You know for the chronic pain it has been ... in the ones that you know had been prescribed medication prior for chronic pain, injuries, but then were taken off the medication. ... And as the investigators we look in the records; it doesn’t appear that they were offered another solution or another assistance, you know. (S023 NWT) 

Decreased tolerance was identified as a significant theme associated with substance-related acute toxicity death. C/MEs talked about people experiencing a substance-related acute toxicity death after a recent release from a correctional facility, a treatment centre or health care facility because their drug tolerance was reduced from not using substances for a period of time. Some participants described decreased tolerance following a recent release from jail or not using for a while and then “testing the waters”:

The problem of a person getting out of [a correctional facility] ... then using is kind of a consistent one. We don’t get a huge number but we get ... a half dozen a year pretty consistently which suggests to me at least a point of intervention. ... And I think that the issue is that in [correctional facilities] access to their preferred drugs may have been somewhat limited. ... But then they get out ... the types and the numbers of drugs that they have access to obviously changes and that change in access is something lethal. ... I don’t think it is very numerous but it sort of sticks out in my head. (S055 NS)

Organizing theme 4: What are the social contextual factors contributing to deaths?

Four themes were identified in the organizing theme “What are the social contextual factors contributing to deaths?” including: mental health, stigma, lack of support and lack of coordinated health care follow-up. C/MEs across the country also noted that some of the deaths they investigated were of individuals who were experiencing more than one of these factors concurrently.

Within the theme “mental health,” mental ill-health was a significant focus of discussion regarding the contextual risk factors and characteristics of people who experienced a substance-related acute toxicity death. These factors included diagnosed, undiagnosed and untreated mental illness.

With respect to mental health problems, from what I can see ... are the problems that are known and diagnosed ... the person is seeing a psychiatrist or a psychologist or a family doctor ... receives medication. ... It can be depression. It can be psychosis. It can be a personality disorder. ... It usually involves one of those things. ... Or it’s someone who obviously has a mental health problem, but who hasn’t been diagnosed. Because the person hasn’t seen anyone. (S062 QC)

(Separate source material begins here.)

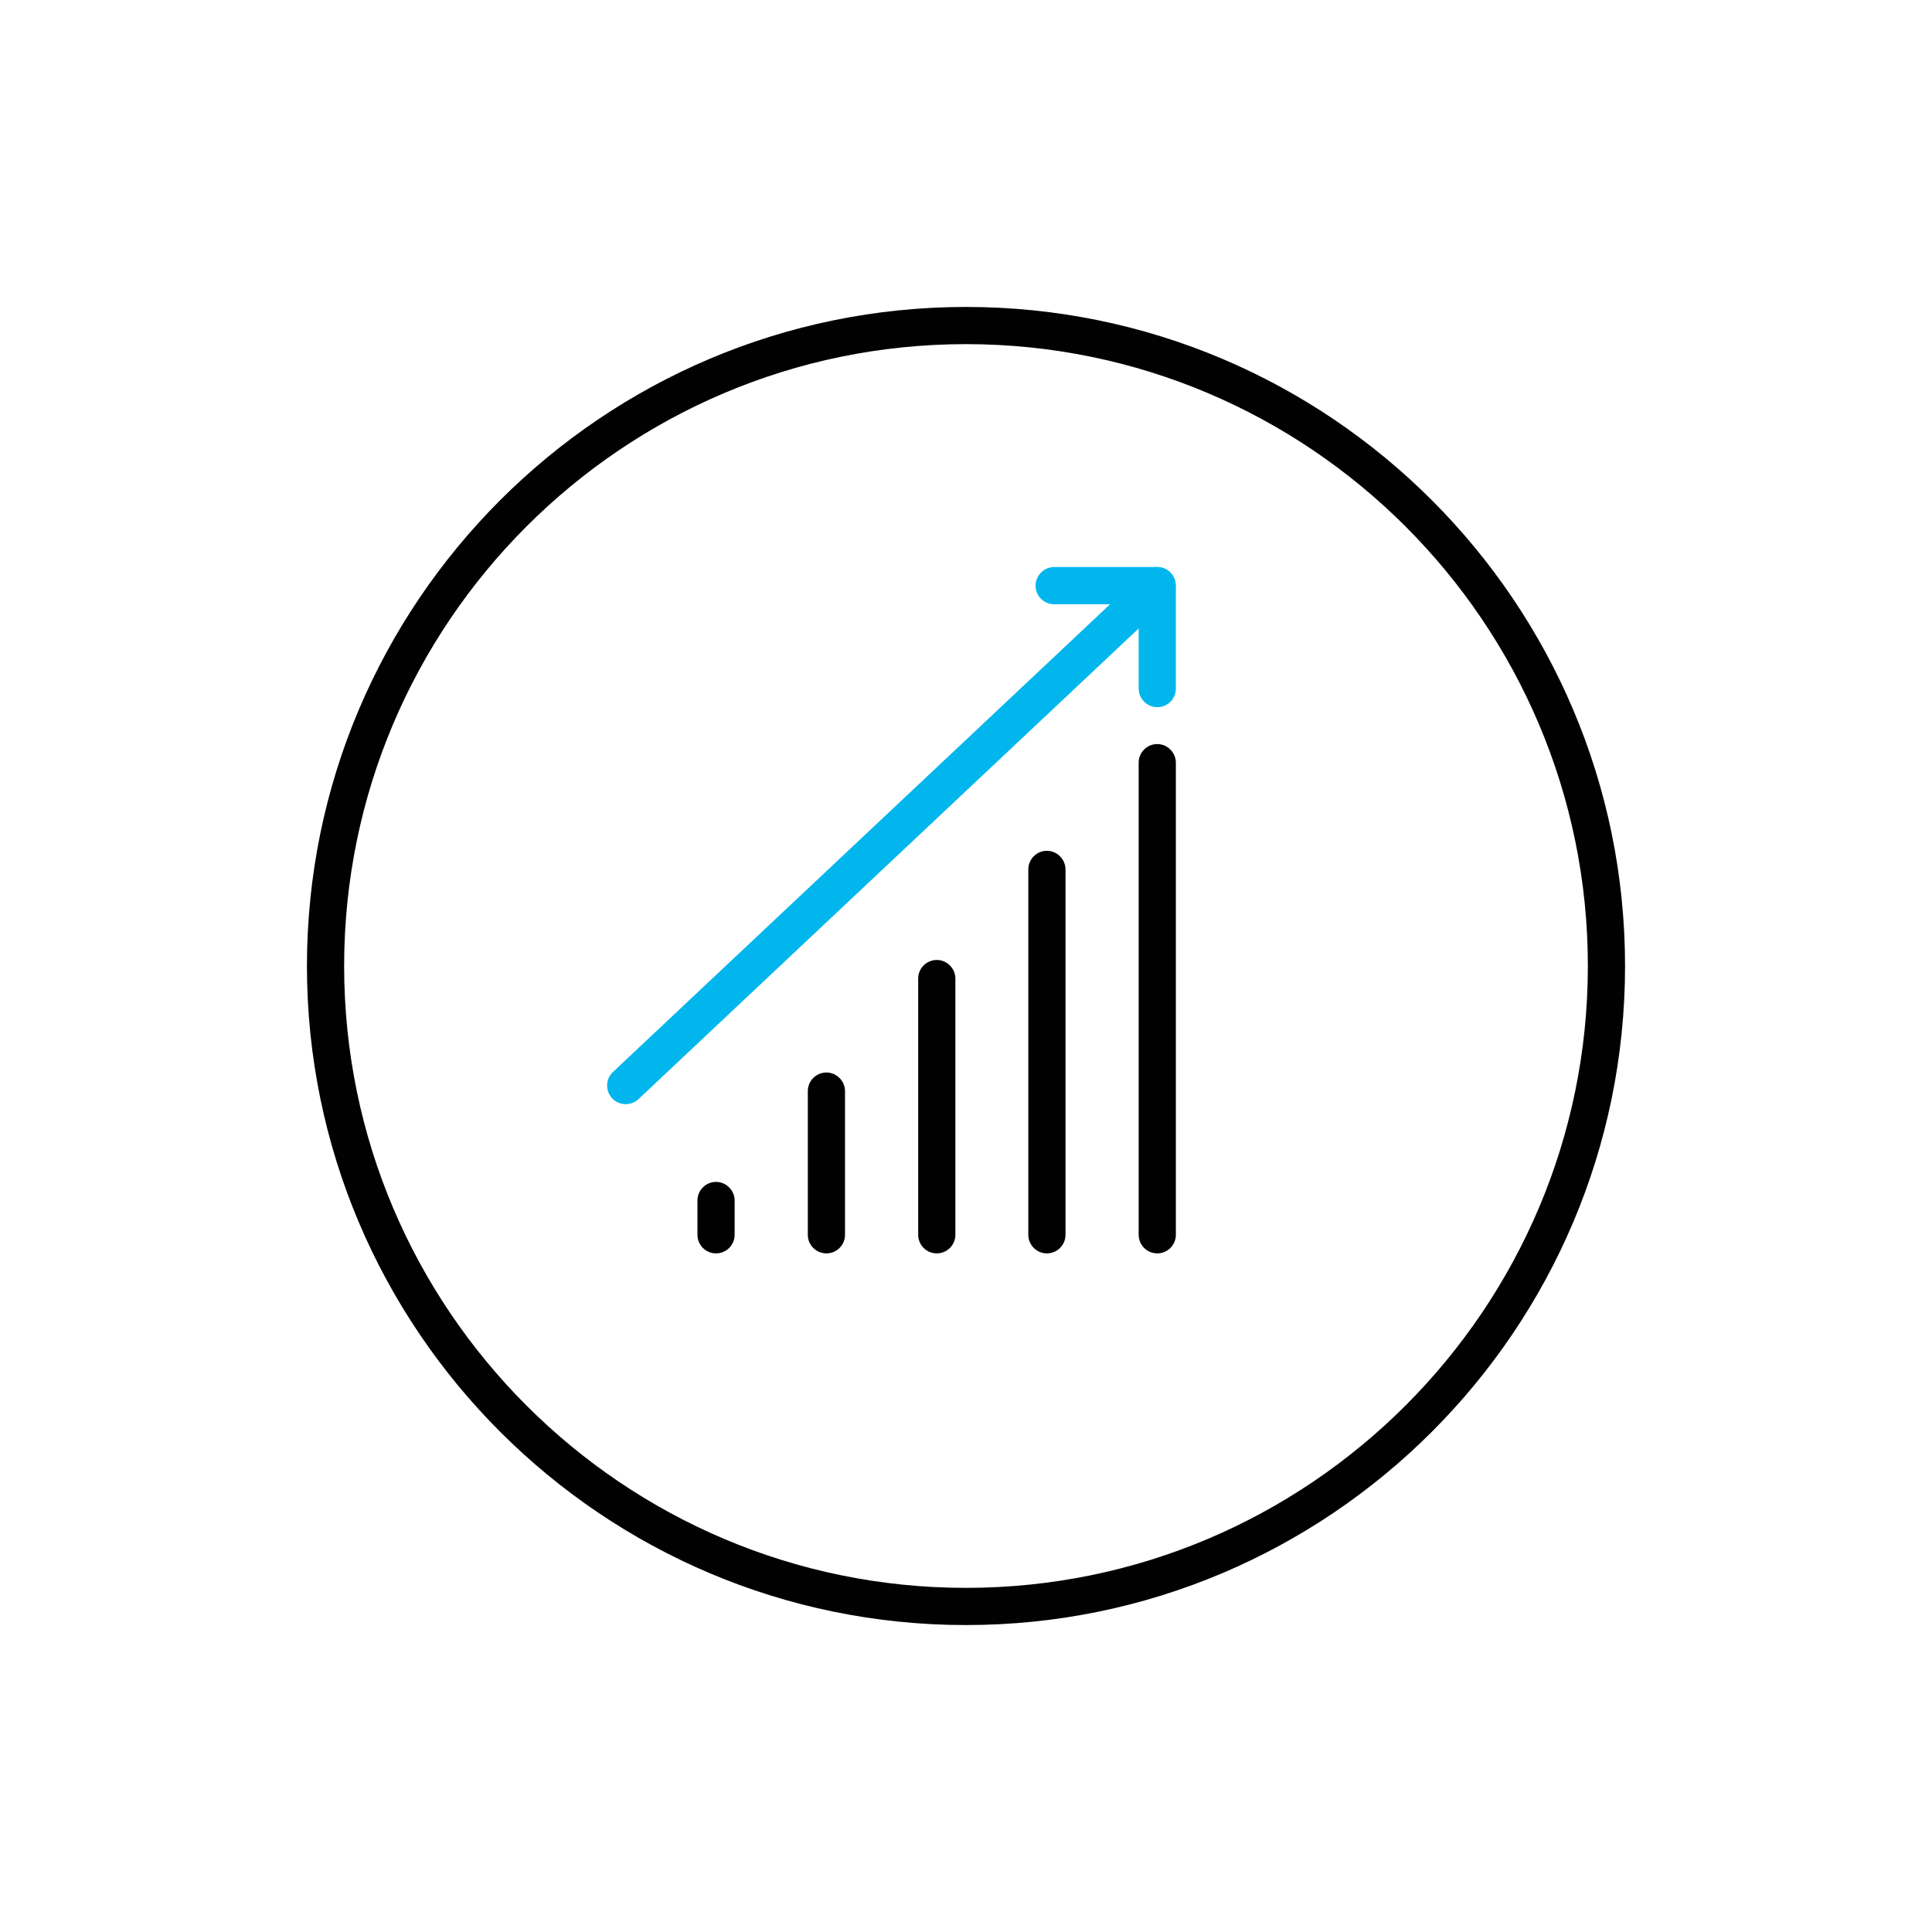 <?xml version="1.0" encoding="UTF-8"?> <svg xmlns="http://www.w3.org/2000/svg" id="Layer_1" data-name="Layer 1" viewBox="0 0 80 80"><defs><style> .cls-1 { fill: #010101; } .cls-1, .cls-2 { stroke-width: 0px; } .cls-2 { fill: #00b6ed; } </style></defs><g><path class="cls-2" d="M25.91,45.72c-.21,0-.41-.08-.56-.24-.29-.31-.28-.8.03-1.09l22-20.7c.31-.29.8-.28,1.09.03.29.31.28.8-.03,1.09l-22,20.7c-.15.14-.34.21-.53.21Z"></path><path class="cls-2" d="M47.92,29.28c-.43,0-.77-.35-.77-.77v-3.49s-3.5,0-3.5,0h0c-.43,0-.77-.35-.77-.77s.35-.77.77-.77h4.26c.2,0,.4.07.55.22.14.14.23.34.23.55v4.26c0,.43-.34.77-.76.77h0Z"></path></g><path class="cls-1" d="M40,14.25c14.2,0,25.75,11.55,25.75,25.75s-11.55,25.75-25.75,25.75-25.75-11.55-25.75-25.75,11.55-25.75,25.75-25.75M40,12.71c-15.05,0-27.29,12.24-27.29,27.29s12.24,27.29,27.29,27.29,27.29-12.24,27.29-27.29-12.24-27.29-27.29-27.29h0Z"></path><path class="cls-1" d="M29.65,51.9c-.43,0-.77-.35-.77-.77v-1.42c0-.43.35-.77.77-.77s.77.35.77.77v1.42c0,.43-.35.77-.77.77Z"></path><path class="cls-1" d="M38.79,51.9c-.43,0-.77-.35-.77-.77v-10.61c0-.43.35-.77.77-.77s.77.35.77.77v10.61c0,.43-.35.77-.77.77Z"></path><path class="cls-1" d="M34.22,51.9c-.43,0-.77-.35-.77-.77v-5.95c0-.43.35-.77.77-.77s.77.35.77.77v5.95c0,.43-.35.77-.77.77Z"></path><path class="cls-1" d="M43.35,51.9c-.43,0-.77-.35-.77-.77v-15.13c0-.43.35-.77.77-.77s.77.35.77.77v15.13c0,.43-.35.77-.77.77Z"></path><path class="cls-1" d="M47.92,51.9c-.43,0-.77-.35-.77-.77v-19.55c0-.43.35-.77.77-.77s.77.35.77.77v19.55c0,.43-.35.77-.77.77Z"></path></svg>

Other participants talked about patterns of complex and interrelated factors, including the connections between mental ill-health, pain and medications, prescribed and not prescribed:

People who are in pain ... fibromyalgia, depression ... there’s like a pattern there ... living all alone ... often addicted to alcohol ... have chronic pain ... back pain or suffer from fibromyalgia ... have had episodes of depression ... you usually find them with medications that were not prescribed. (S090 QC)
I had another death ... a man who ... was a truck driver ... he got into an accident ... went to emergency ... he was taking antidepressants and had symptoms of depression. ... But he wasn’t taking narcotics, he didn’t have substance [use] problems ... the doctor prescribed him ... he had never seen him, it was in emergency ... enough narcotic pills for him to commit suicide. And that is what happened. That very night, he took them all. (S084 QC)

Mental ill-health was also linked, for some, to previous sexual or physical trauma and thoughts of suicide or previous suicide attempts. Feelings of hopelessness and feelings of loss were illustrated in this quote:

Well, I think those that are struggling with hopelessness and sadness, and that’s where the mental health picture comes in ... many of these folks that have been struggling with drug use ... alienated from their families either by choice or by their family members’ choice because they’re tired of having things stolen and jewelry pawned. ... They’ve had their children removed ... lost jobs, partners ... they’ve just lost ... so with that comes a sense of hopelessness. When you’re struggling with perhaps some childhood trauma issues on top of that, what’s the easiest thing to do? It’s just to keep using because it’s so overwhelming for that person to see a light. (S026 BC)

Within the theme “stigma,” C/MEs described how people were struggling with multiple stressors and may have been at a higher risk of experiencing a substance-related acute toxicity death. One participant talked about the stress that people deal with when they are struggling and trying to navigate the stigma associated with substance use and accessing care:

 So now they are out on the street and they are trying to find the drugs they need because of the addiction and it is a complicated ... there’s no harm reduction and there’s so much stigma in health, and I still see it today ... it is one of the things that really concerns me. (S023 NWT)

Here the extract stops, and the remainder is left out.